Unit tests have been written, but we are still missing end to end tests and metrics. The end to end tests and metrics will be handled in separate PRs, as this one is already sizeable.

Release Note

Added status tracking for ModelValidation resources, to track pods which are associated with individual resources. The status of each resource contains

  • the number of pods associated with the current configuration
  • the number of pods associated with a previous configuration
  • the number of pods associated with the ModelValidation, but not injected for validation
  • Lists of pods for each of the previous counts

Documentation

@bouskaJ
Copy link
Contributor

bouskaJ commented Aug 6, 2025

Hello. I did a quick review, as I didn't have much time to look into it further yet. One thing came to mind. You're implementing a retry function with backoff. Isn't it possible to use something from https://github.com/kubernetes/client-go/blob/master/util/retry/util.go instead?

@knrc
Copy link
Contributor Author

knrc commented Aug 6, 2025

Hello. I did a quick review, as I didn't have much time to look into it further yet. One thing came to mind. You're implementing a retry function with backoff. Isn't it possible to use something from https://github.com/kubernetes/client-go/blob/master/util/retry/util.go instead?

That's slightly different, it's a synchronous way of handling the retries so would block any other processing taking place.

The intention of the current retry implementation was to do asynchronous retries with backoffs, but I've just realized that by pushing it back through the debouncer to merge with any other updates I'm losing that. I'll fix it and push up the changes shortly.

Thanks for the feedback

@knrc knrc force-pushed the controller_status branch from c7c1d2a to 719b1b6 Compare August 7, 2025 00:02
@knrc
Copy link
Contributor Author

knrc commented Aug 7, 2025

The intention of the current retry implementation was to do asynchronous retries with backoffs, but I've just realized that by pushing it back through the debouncer to merge with any other updates I'm losing that. I'll fix it and push up the changes shortly.

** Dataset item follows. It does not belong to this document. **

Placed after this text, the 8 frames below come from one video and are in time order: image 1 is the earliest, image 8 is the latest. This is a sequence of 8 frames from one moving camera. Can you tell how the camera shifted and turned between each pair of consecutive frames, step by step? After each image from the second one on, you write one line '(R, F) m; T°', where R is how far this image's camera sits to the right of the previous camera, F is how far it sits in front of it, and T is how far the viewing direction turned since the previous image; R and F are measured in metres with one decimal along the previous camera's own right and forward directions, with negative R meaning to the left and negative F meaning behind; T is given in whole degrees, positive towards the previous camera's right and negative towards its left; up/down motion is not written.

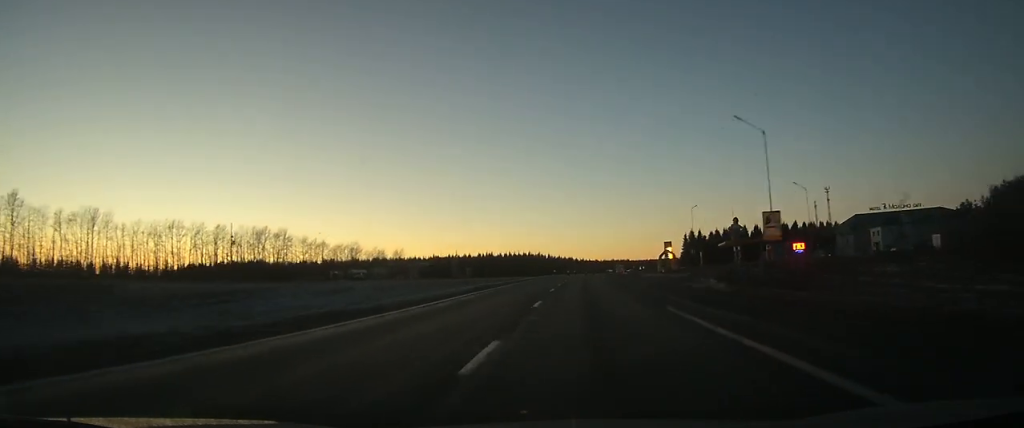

@bouskaJ While fixing this I realized that the workqueue has an option for handling exponential failures, so I've rewritten the code to use that and added a couple of test cases just to make sure it's behaving the way I expect. Please take another look, you can check the differences here

}

// GetConfigHash returns a hash of the validation configuration for drift detection
func (mv *ModelValidation) GetConfigHash() string {
Copy link

@osmman osmman Aug 7, 2025

Choose a reason for hiding this comment

The reason will be displayed to describe this comment to others. Learn more.

Hi, instead of creating a custom hashing method for drift detection, it's best to use Kubernetes build-in fields. These are more robust and are the standard pattern for operators.

Use .metadata.generation and a status field like status.observedGeneration or ObservedGeneration field within a Condition struct. The reconciliation loop should follow this logic:

  1. On each reconcile, compare .metadata.generation with status.observedGeneration.
  2. If the values don't match, it indicates the spec has been updated and a reconciliation is needed.
  3. After a successful reconciliation, update status.observedGeneration to equal .metadata.generation.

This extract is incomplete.